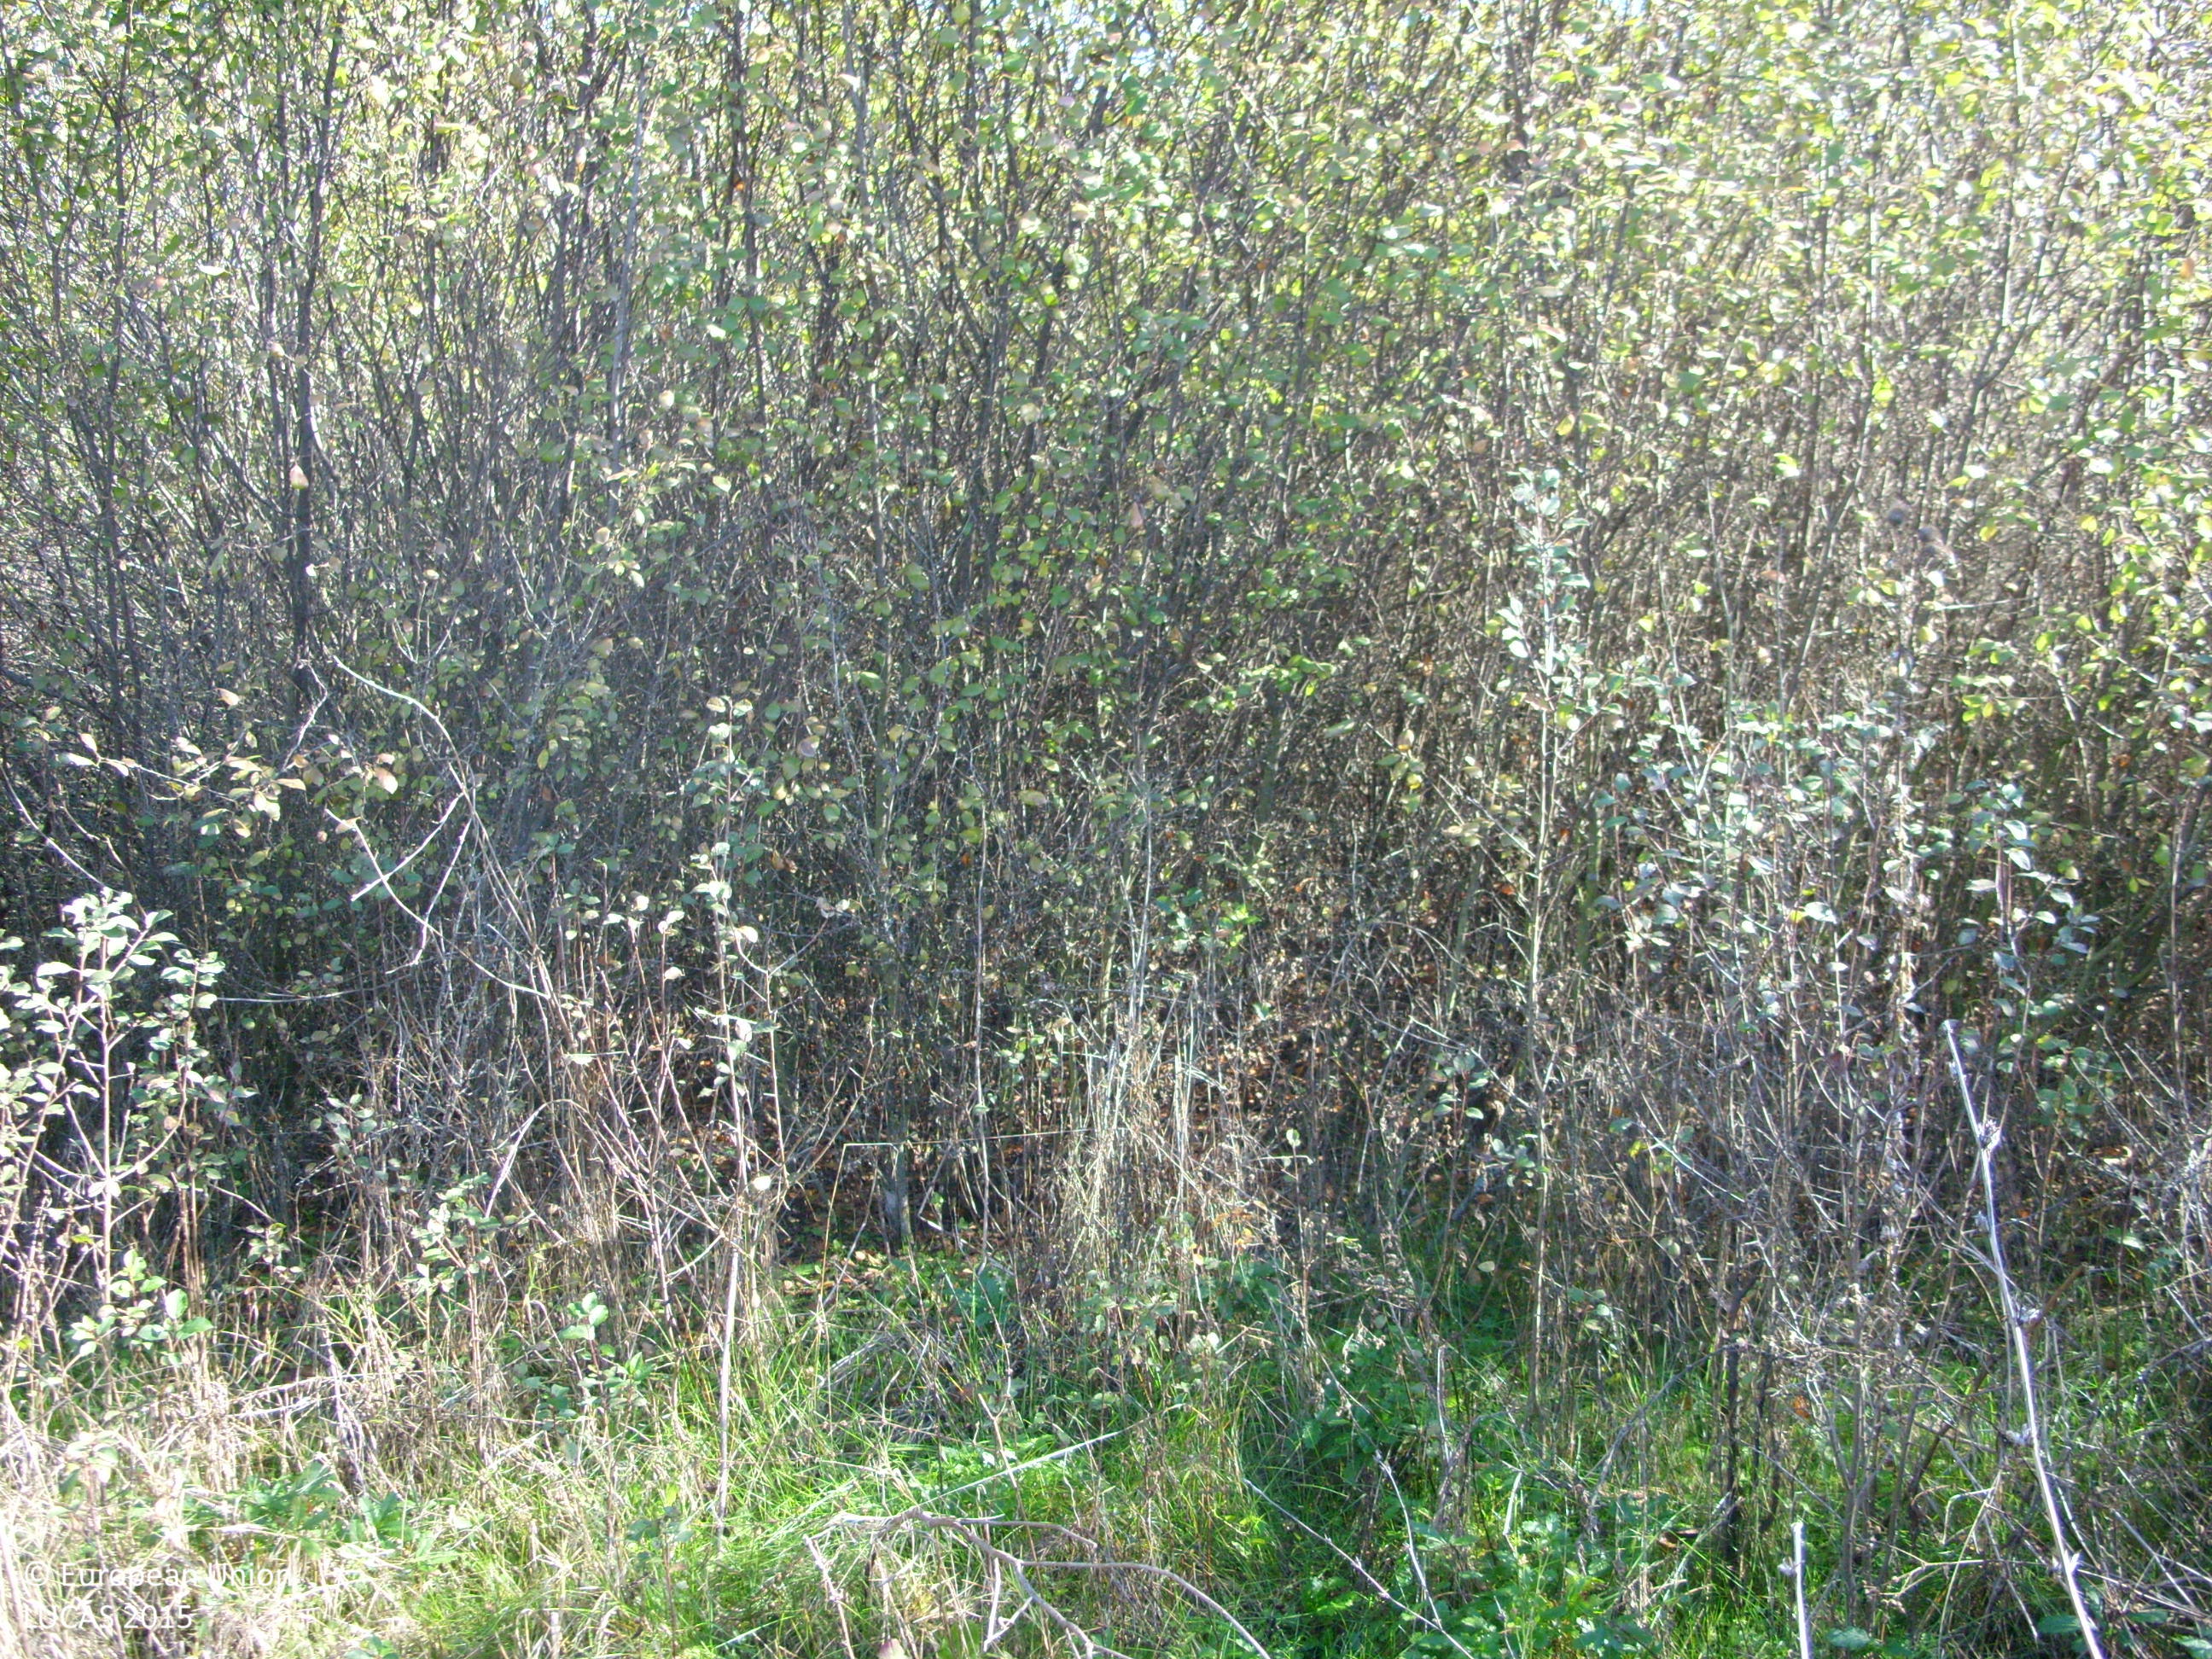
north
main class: Shrubland
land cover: Shrubland with sparse tree cover
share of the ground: > 75 %
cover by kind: shrubs 80 %, herbaceous plants 15 %, broadleaved forest trees 5 %
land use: Abandoned areas
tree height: < 5 m
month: November
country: BG
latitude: 42.3226
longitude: 24.9706

--*--

Activity » Every record above must reappear exactly in the answer, minus its pictures.

Answer box »
north
main class: Shrubland
land cover: Shrubland with sparse tree cover
share of the ground: > 75 %
cover by kind: shrubs 80 %, herbaceous plants 15 %, broadleaved forest trees 5 %
land use: Abandoned areas
tree height: < 5 m
month: November
country: BG
latitude: 42.3226
longitude: 24.9706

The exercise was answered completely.